The impeachment of the president follows an investigation conducted by a committee of the House of Representatives. Formal accusations are made as a result of voting of the Chamber. Given the Democratic majority, the accusation shouldn't be difficult. The judgment is issued by the Senate. For the successful conviction of a government official, the so-called supermajority, i.e. 2/3 of the senators' votes, is required. With the changed mood of the Republican senators, achieving this majority does not seem to be impossible anymore.



It is difficult to say whether the removal of the president from office or the impeachment will actually take place, especially since there are two weeks left until the end of his term of office. There is no doubt, however, that it was the last straw of legal and political bitterness. His most faithful political allies are leaving the president.


Can Donald Trump count only on the support of an agitated crowd? If so, one must hope that the democratic values that guided the Founding Fathers, as well as the systemic mechanisms developed by them, will be recalled and properly used.


Update (8 January 2021):


In the last twenty-four hours since the original publication of this comment some additional and important events occurred.


Although Vice president Mike Pence and the cabinet were repeatedly called to commence the procedure of the removal of the President according to the 25th amendment, no steps have been taken with this respect.

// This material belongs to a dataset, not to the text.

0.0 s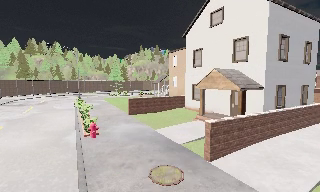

As for today two hundred congressmen and congresswomen called the vice president to act in that capacity. It seems, however, that the overall atmosphere in the White House is dense. According to the press information, the vice president’s aides were not allowed to enter White House yesterday. In addition, heads of the Department of Transportation (Elaine Chao) and Department of Education (Betsy DeVos) resigned. While Donald Trump himself declared yesterday evening that he was condemning the rioters and that the transition of power had to peaceful.


Regarding the impeachment procedure, the Democratic Party was not wasting time. Its earlier suggestions that the impeachment should be initiated as quickly as possible are still repeated. Also, several Representatives from the Democratic Party prepared and started to circulate the draft version of the so-called “Articles of Impeachment” – a formal accusation required by the impeachment procedure.


There are still some doubts on what grounds the impeachment should be carried and how to justify the rioters’ actions in the legal terms. According to Carlton Larson, professor of law at the UC Davis School of Law, there is no doubt that for the framers of the US Constitution, rioters’ acts would be labelled as treason. Larson, in his comment for Washington Post, noticed that “An armed attack on the Capitol to obstruct the counting of the electoral votes easily qualifies as treason under the framers’ original understanding of the Treason Clause” (link to the original comment: https://www.washingtonpost.com/outlook/2021/01/07/...). Should the president be impeached for treason as well? One thing is for sure, this historic interpretation once more suggests that the return to the roots of American democracy is much needed.